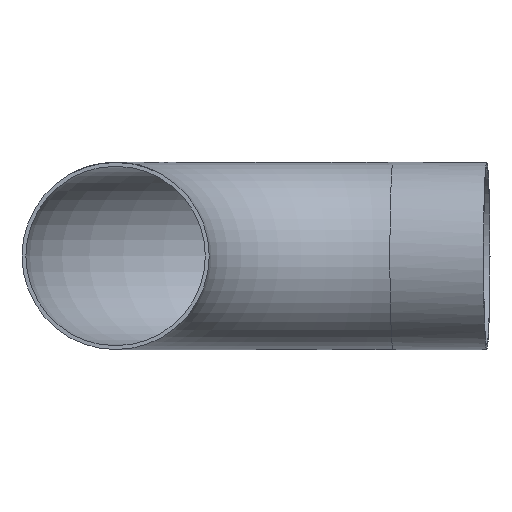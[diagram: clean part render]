
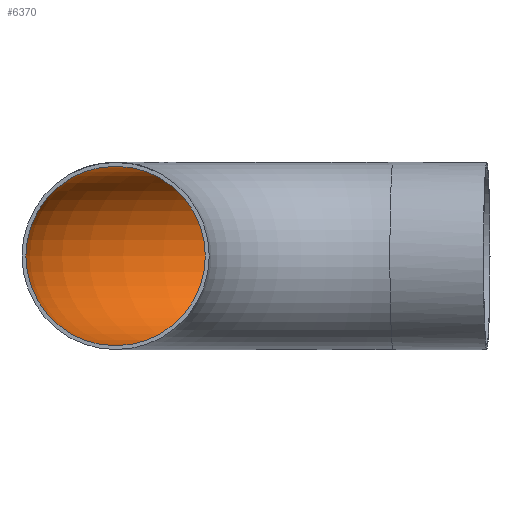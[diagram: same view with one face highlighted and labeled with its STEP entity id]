
A CAD part, front view. The second image highlights one B-rep face of the part: STEP entity #6370.
In plain terms, the highlighted toroidal (fillet/blend) face has major radius 152.4 mm and minor radius 48.692 mm.
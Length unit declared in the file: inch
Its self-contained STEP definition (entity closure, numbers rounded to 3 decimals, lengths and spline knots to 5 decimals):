
#14=TOROIDAL_SURFACE('',#6666,6.,1.917);
#69=FACE_BOUND('',#1514,.T.);
#648=B_SPLINE_CURVE_WITH_KNOTS('',3,(#14595,#14596,#14597,#14598,#14599,
#14600,#14601,#14602,#14603,#14604,#14605,#14606,#14607,#14608,#14609,#14610,
#14611,#14612),.UNSPECIFIED.,.F.,.F.,(4,2,2,2,2,2,2,2,4),(0.,0.90117,
1.80234,2.70379,3.60525,4.50716,5.40908,
6.31162,7.21415),.UNSPECIFIED.);
#650=B_SPLINE_CURVE_WITH_KNOTS('',3,(#14682,#14683,#14684,#14685,#14686,
#14687,#14688,#14689,#14690,#14691,#14692,#14693,#14694,#14695,#14696,#14697,
#14698,#14699),.UNSPECIFIED.,.F.,.F.,(4,2,2,2,2,2,2,2,4),(21.6471,
22.54964,23.45217,24.35409,25.256,26.15746,
27.05891,27.96008,28.86125),.UNSPECIFIED.);
#651=B_SPLINE_CURVE_WITH_KNOTS('',3,(#14700,#14701,#14702,#14703,#14704,
#14705,#14706,#14707,#14708,#14709,#14710,#14711,#14712,#14713,#14714,#14715,
#14716,#14717,#14718,#14719,#14720,#14721,#14722,#14723,#14724,#14725,#14726,
#14727,#14728,#14729,#14730,#14731,#14732,#14733),.UNSPECIFIED.,.F.,.F.,
(4,2,2,2,2,2,2,2,2,2,2,2,2,2,2,2,4),(7.21415,8.11699,
9.01983,9.92251,10.82518,11.72706,12.62895,
13.52979,14.43063,15.33146,16.2323,17.13419,
18.03607,18.93875,19.84142,20.74426,21.6471),
 .UNSPECIFIED.);
#1126=FACE_OUTER_BOUND('',#1513,.T.);
#1513=EDGE_LOOP('',(#5961,#5962,#5963));
#1514=EDGE_LOOP('',(#5964));
#1634=CIRCLE('',#6661,1.917);
#3106=VERTEX_POINT('',#14457);
#3107=VERTEX_POINT('',#14593);
#3108=VERTEX_POINT('',#14594);
#3110=VERTEX_POINT('',#14681);
#4054=EDGE_CURVE('',#3106,#3106,#1634,.T.);
#4055=EDGE_CURVE('',#3107,#3108,#648,.T.);
#4058=EDGE_CURVE('',#3110,#3107,#650,.T.);
#4059=EDGE_CURVE('',#3108,#3110,#651,.T.);
#5961=ORIENTED_EDGE('',*,*,#4055,.T.);
#5962=ORIENTED_EDGE('',*,*,#4059,.T.);
#5963=ORIENTED_EDGE('',*,*,#4058,.T.);
#5964=ORIENTED_EDGE('',*,*,#4054,.F.);
#6370=ADVANCED_FACE('',(#1126,#69),#14,.F.);
#6661=AXIS2_PLACEMENT_3D('',#14458,#7663,#7664);
#6666=AXIS2_PLACEMENT_3D('',#15069,#7675,#7676);
#7663=DIRECTION('center_axis',(0.,1.,0.));
#7664=DIRECTION('ref_axis',(-1.,0.,0.));
#7675=DIRECTION('center_axis',(0.,0.,-1.));
#7676=DIRECTION('ref_axis',(-1.,0.,0.));
#14457=CARTESIAN_POINT('',(-6.,0.,1.917));
#14458=CARTESIAN_POINT('Origin',(-6.,0.,0.));
#14593=CARTESIAN_POINT('',(-0.0029,7.917,0.));
#14594=CARTESIAN_POINT('',(-0.06986,5.99959,1.917));
#14595=CARTESIAN_POINT('Ctrl Pts',(-0.0029,7.917,
0.));
#14596=CARTESIAN_POINT('Ctrl Pts',(-0.0029,7.917,
0.11826));
#14597=CARTESIAN_POINT('Ctrl Pts',(-0.00331,7.90533,
0.24742));
#14598=CARTESIAN_POINT('Ctrl Pts',(-0.00506,7.85503,
0.50037));
#14599=CARTESIAN_POINT('Ctrl Pts',(-0.00641,7.81639,
0.62416));
#14600=CARTESIAN_POINT('Ctrl Pts',(-0.00957,7.72589,
0.8427));
#14601=CARTESIAN_POINT('Ctrl Pts',(-0.01167,7.66569,
0.95759));
#14602=CARTESIAN_POINT('Ctrl Pts',(-0.01668,7.5224,
1.17208));
#14603=CARTESIAN_POINT('Ctrl Pts',(-0.01958,7.43933,
1.27167));
#14604=CARTESIAN_POINT('Ctrl Pts',(-0.02542,7.27205,
1.43898));
#14605=CARTESIAN_POINT('Ctrl Pts',(-0.0289,7.17243,1.52211));
#14606=CARTESIAN_POINT('Ctrl Pts',(-0.03639,6.95791,
1.66546));
#14607=CARTESIAN_POINT('Ctrl Pts',(-0.0404,6.84301,
1.72569));
#14608=CARTESIAN_POINT('Ctrl Pts',(-0.04804,6.62434,
1.81628));
#14609=CARTESIAN_POINT('Ctrl Pts',(-0.05237,6.50043,
1.85497));
#14610=CARTESIAN_POINT('Ctrl Pts',(-0.06121,6.24724,
1.90532));
#14611=CARTESIAN_POINT('Ctrl Pts',(-0.06572,6.11796,
1.917));
#14612=CARTESIAN_POINT('Ctrl Pts',(-0.06986,5.99959,
1.917));
#14681=CARTESIAN_POINT('',(-0.06986,5.99959,-1.917));
#14682=CARTESIAN_POINT('Ctrl Pts',(-0.06986,5.99959,
-1.917));
#14683=CARTESIAN_POINT('Ctrl Pts',(-0.06572,6.11796,
-1.917));
#14684=CARTESIAN_POINT('Ctrl Pts',(-0.06121,6.24724,
-1.90532));
#14685=CARTESIAN_POINT('Ctrl Pts',(-0.05237,6.50043,
-1.85497));
#14686=CARTESIAN_POINT('Ctrl Pts',(-0.04804,6.62434,
-1.81628));
#14687=CARTESIAN_POINT('Ctrl Pts',(-0.0404,6.84301,
-1.72569));
#14688=CARTESIAN_POINT('Ctrl Pts',(-0.03639,6.95791,
-1.66546));
#14689=CARTESIAN_POINT('Ctrl Pts',(-0.0289,7.17243,-1.52211));
#14690=CARTESIAN_POINT('Ctrl Pts',(-0.02542,7.27205,
-1.43898));
#14691=CARTESIAN_POINT('Ctrl Pts',(-0.01958,7.43933,
-1.27167));
#14692=CARTESIAN_POINT('Ctrl Pts',(-0.01668,7.5224,
-1.17208));
#14693=CARTESIAN_POINT('Ctrl Pts',(-0.01167,7.66569,
-0.95759));
#14694=CARTESIAN_POINT('Ctrl Pts',(-0.00957,7.72589,
-0.8427));
#14695=CARTESIAN_POINT('Ctrl Pts',(-0.00641,7.81639,
-0.62416));
#14696=CARTESIAN_POINT('Ctrl Pts',(-0.00506,7.85503,
-0.50037));
#14697=CARTESIAN_POINT('Ctrl Pts',(-0.00331,7.90533,
-0.24742));
#14698=CARTESIAN_POINT('Ctrl Pts',(-0.0029,7.917,
-0.11826));
#14699=CARTESIAN_POINT('Ctrl Pts',(-0.0029,7.917,
0.));
#14700=CARTESIAN_POINT('Ctrl Pts',(-0.06986,5.99959,
1.917));
#14701=CARTESIAN_POINT('Ctrl Pts',(-0.07399,5.88118,
1.917));
#14702=CARTESIAN_POINT('Ctrl Pts',(-0.07851,5.75186,
1.90532));
#14703=CARTESIAN_POINT('Ctrl Pts',(-0.08735,5.49859,
1.85494));
#14704=CARTESIAN_POINT('Ctrl Pts',(-0.09168,5.37463,
1.81625));
#14705=CARTESIAN_POINT('Ctrl Pts',(-0.09932,5.15583,
1.72565));
#14706=CARTESIAN_POINT('Ctrl Pts',(-0.10334,5.04081,
1.66539));
#14707=CARTESIAN_POINT('Ctrl Pts',(-0.11084,4.82607,1.52197));
#14708=CARTESIAN_POINT('Ctrl Pts',(-0.11432,4.72634,1.43881));
#14709=CARTESIAN_POINT('Ctrl Pts',(-0.12017,4.55888,
1.27146));
#14710=CARTESIAN_POINT('Ctrl Pts',(-0.12307,4.47572,
1.17185));
#14711=CARTESIAN_POINT('Ctrl Pts',(-0.12808,4.33227,
0.95734));
#14712=CARTESIAN_POINT('Ctrl Pts',(-0.13019,4.27198,
0.84242));
#14713=CARTESIAN_POINT('Ctrl Pts',(-0.13335,4.18139,
0.6239));
#14714=CARTESIAN_POINT('Ctrl Pts',(-0.1347,4.14273,0.50017));
#14715=CARTESIAN_POINT('Ctrl Pts',(-0.13646,4.09238,
0.24733));
#14716=CARTESIAN_POINT('Ctrl Pts',(-0.13686,4.08071,
0.11822));
#14717=CARTESIAN_POINT('Ctrl Pts',(-0.13686,4.08071,
-0.11822));
#14718=CARTESIAN_POINT('Ctrl Pts',(-0.13646,4.09238,
-0.24733));
#14719=CARTESIAN_POINT('Ctrl Pts',(-0.1347,4.14273,-0.50017));
#14720=CARTESIAN_POINT('Ctrl Pts',(-0.13335,4.18139,
-0.6239));
#14721=CARTESIAN_POINT('Ctrl Pts',(-0.13019,4.27198,
-0.84242));
#14722=CARTESIAN_POINT('Ctrl Pts',(-0.12808,4.33227,
-0.95734));
#14723=CARTESIAN_POINT('Ctrl Pts',(-0.12307,4.47572,
-1.17185));
#14724=CARTESIAN_POINT('Ctrl Pts',(-0.12017,4.55888,
-1.27146));
#14725=CARTESIAN_POINT('Ctrl Pts',(-0.11432,4.72634,-1.43881));
#14726=CARTESIAN_POINT('Ctrl Pts',(-0.11084,4.82607,-1.52197));
#14727=CARTESIAN_POINT('Ctrl Pts',(-0.10334,5.04081,
-1.66539));
#14728=CARTESIAN_POINT('Ctrl Pts',(-0.09932,5.15583,
-1.72565));
#14729=CARTESIAN_POINT('Ctrl Pts',(-0.09168,5.37463,
-1.81625));
#14730=CARTESIAN_POINT('Ctrl Pts',(-0.08735,5.49859,
-1.85494));
#14731=CARTESIAN_POINT('Ctrl Pts',(-0.07851,5.75186,
-1.90532));
#14732=CARTESIAN_POINT('Ctrl Pts',(-0.07399,5.88118,
-1.917));
#14733=CARTESIAN_POINT('Ctrl Pts',(-0.06986,5.99959,
-1.917));
#15069=CARTESIAN_POINT('Origin',(0.,0.,0.));

════════════════

_TASK TO CARRY OUT_. Once you find the line with "#7663=DIRECTION('center_axis',(0.,1.,0.));" in the entries above, output it and each line after it up to and including the line with "-1.85497));", and nothing else.

_EXERCISE SOLUTION_.
#7663=DIRECTION('center_axis',(0.,1.,0.));
#7664=DIRECTION('ref_axis',(-1.,0.,0.));
#7675=DIRECTION('center_axis',(0.,0.,-1.));
#7676=DIRECTION('ref_axis',(-1.,0.,0.));
#14457=CARTESIAN_POINT('',(-6.,0.,1.917));
#14458=CARTESIAN_POINT('Origin',(-6.,0.,0.));
#14593=CARTESIAN_POINT('',(-0.0029,7.917,0.));
#14594=CARTESIAN_POINT('',(-0.06986,5.99959,1.917));
#14595=CARTESIAN_POINT('Ctrl Pts',(-0.0029,7.917,
0.));
#14596=CARTESIAN_POINT('Ctrl Pts',(-0.0029,7.917,
0.11826));
#14597=CARTESIAN_POINT('Ctrl Pts',(-0.00331,7.90533,
0.24742));
#14598=CARTESIAN_POINT('Ctrl Pts',(-0.00506,7.85503,
0.50037));
#14599=CARTESIAN_POINT('Ctrl Pts',(-0.00641,7.81639,
0.62416));
#14600=CARTESIAN_POINT('Ctrl Pts',(-0.00957,7.72589,
0.8427));
#14601=CARTESIAN_POINT('Ctrl Pts',(-0.01167,7.66569,
0.95759));
#14602=CARTESIAN_POINT('Ctrl Pts',(-0.01668,7.5224,
1.17208));
#14603=CARTESIAN_POINT('Ctrl Pts',(-0.01958,7.43933,
1.27167));
#14604=CARTESIAN_POINT('Ctrl Pts',(-0.02542,7.27205,
1.43898));
#14605=CARTESIAN_POINT('Ctrl Pts',(-0.0289,7.17243,1.52211));
#14606=CARTESIAN_POINT('Ctrl Pts',(-0.03639,6.95791,
1.66546));
#14607=CARTESIAN_POINT('Ctrl Pts',(-0.0404,6.84301,
1.72569));
#14608=CARTESIAN_POINT('Ctrl Pts',(-0.04804,6.62434,
1.81628));
#14609=CARTESIAN_POINT('Ctrl Pts',(-0.05237,6.50043,
1.85497));
#14610=CARTESIAN_POINT('Ctrl Pts',(-0.06121,6.24724,
1.90532));
#14611=CARTESIAN_POINT('Ctrl Pts',(-0.06572,6.11796,
1.917));
#14612=CARTESIAN_POINT('Ctrl Pts',(-0.06986,5.99959,
1.917));
#14681=CARTESIAN_POINT('',(-0.06986,5.99959,-1.917));
#14682=CARTESIAN_POINT('Ctrl Pts',(-0.06986,5.99959,
-1.917));
#14683=CARTESIAN_POINT('Ctrl Pts',(-0.06572,6.11796,
-1.917));
#14684=CARTESIAN_POINT('Ctrl Pts',(-0.06121,6.24724,
-1.90532));
#14685=CARTESIAN_POINT('Ctrl Pts',(-0.05237,6.50043,
-1.85497));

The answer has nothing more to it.